[Records excerpted from a collection]

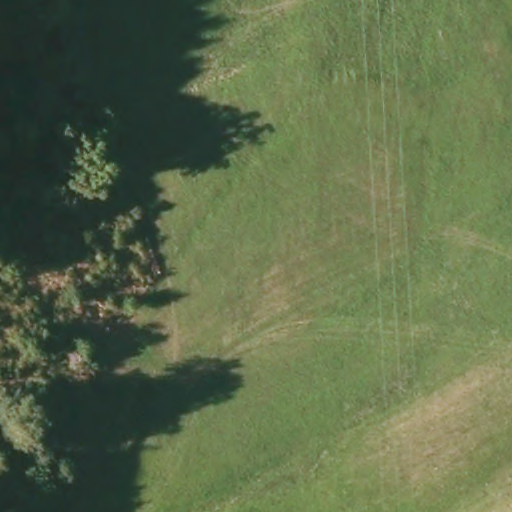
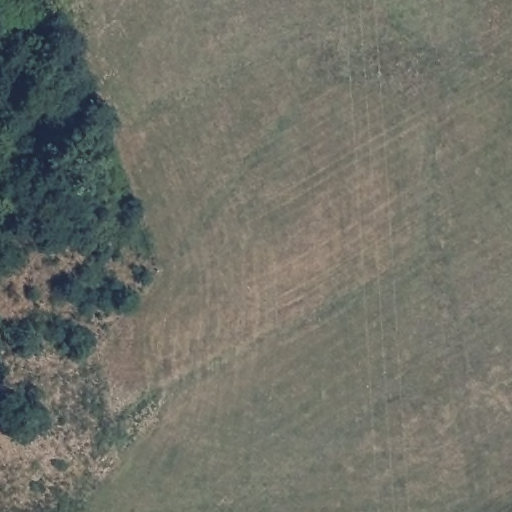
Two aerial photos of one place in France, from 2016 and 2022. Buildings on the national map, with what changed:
[]

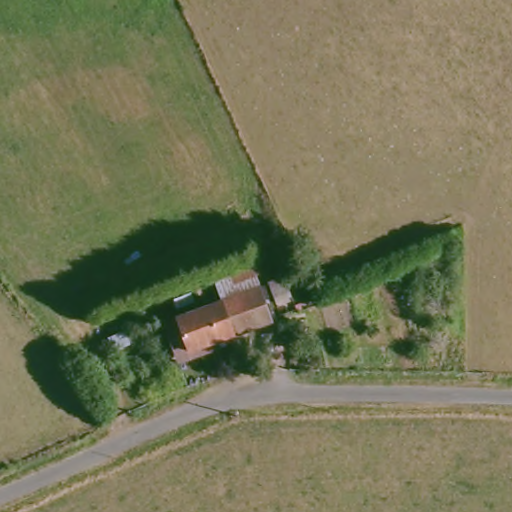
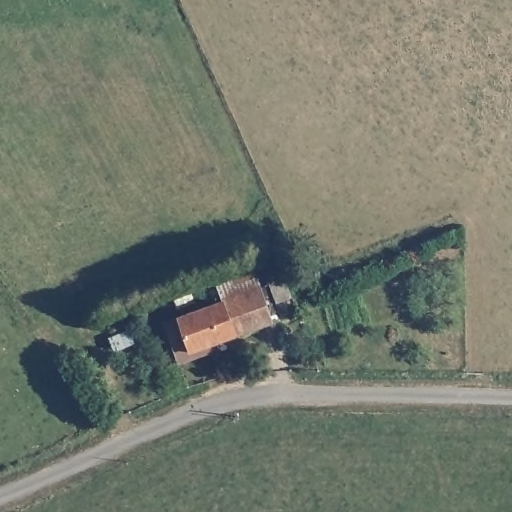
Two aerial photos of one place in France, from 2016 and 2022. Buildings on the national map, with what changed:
unchanged [(256,288),(270,328),(232,338),(187,355),(174,365),(157,324),(175,318),(219,301),(208,276),(247,262),(256,288)]

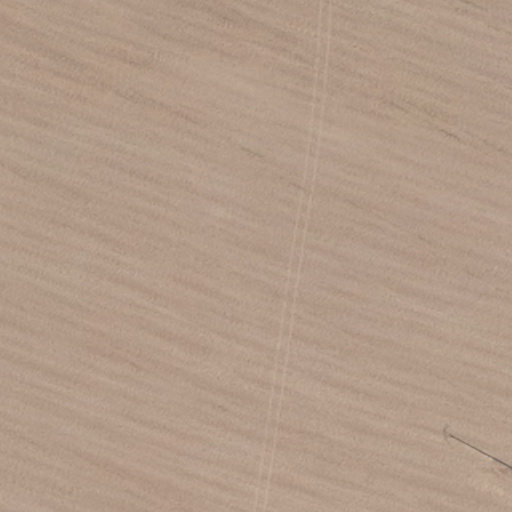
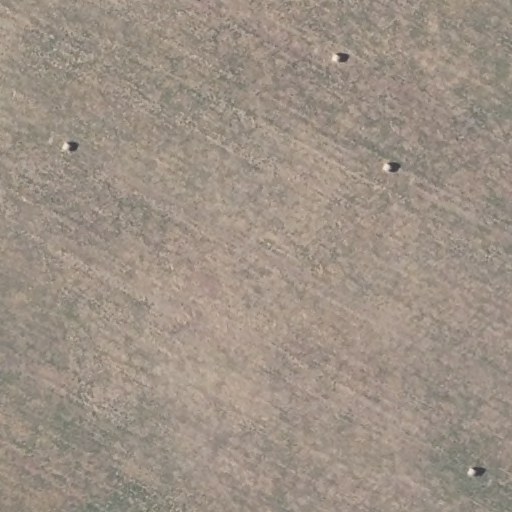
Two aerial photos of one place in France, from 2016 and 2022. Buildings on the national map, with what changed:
[]

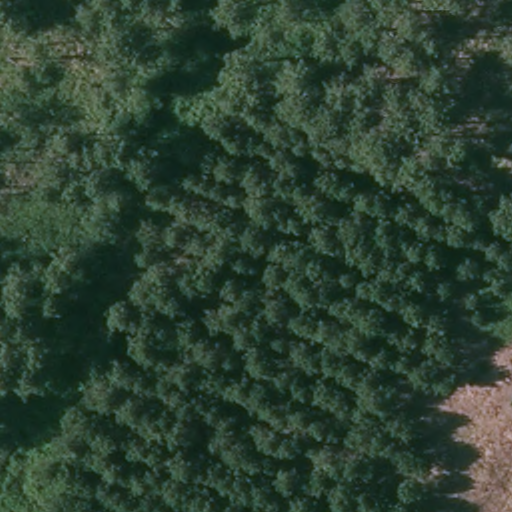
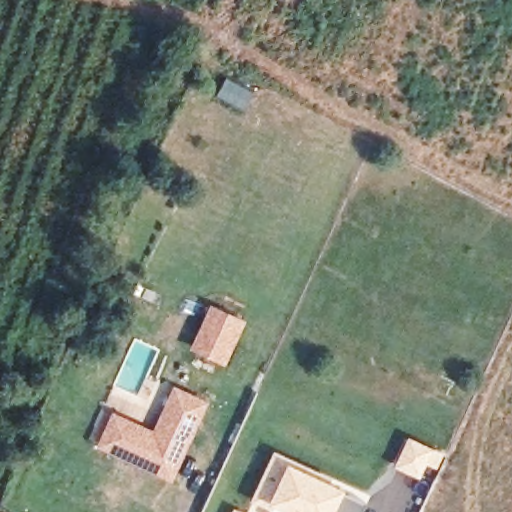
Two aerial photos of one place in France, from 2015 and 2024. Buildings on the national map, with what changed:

Brief:
Only the records, copied exactly and without pictures, should make up the answer.

Task solution:
Two aerial photos of one place in France, from 2016 and 2022. Buildings on the national map, with what changed:
[]

Two aerial photos of one place in France, from 2016 and 2022. Buildings on the national map, with what changed:
unchanged [(256,288),(270,328),(232,338),(187,355),(174,365),(157,324),(175,318),(219,301),(208,276),(247,262),(256,288)]

Two aerial photos of one place in France, from 2016 and 2022. Buildings on the national map, with what changed:
[]

Two aerial photos of one place in France, from 2015 and 2024. Buildings on the national map, with what changed:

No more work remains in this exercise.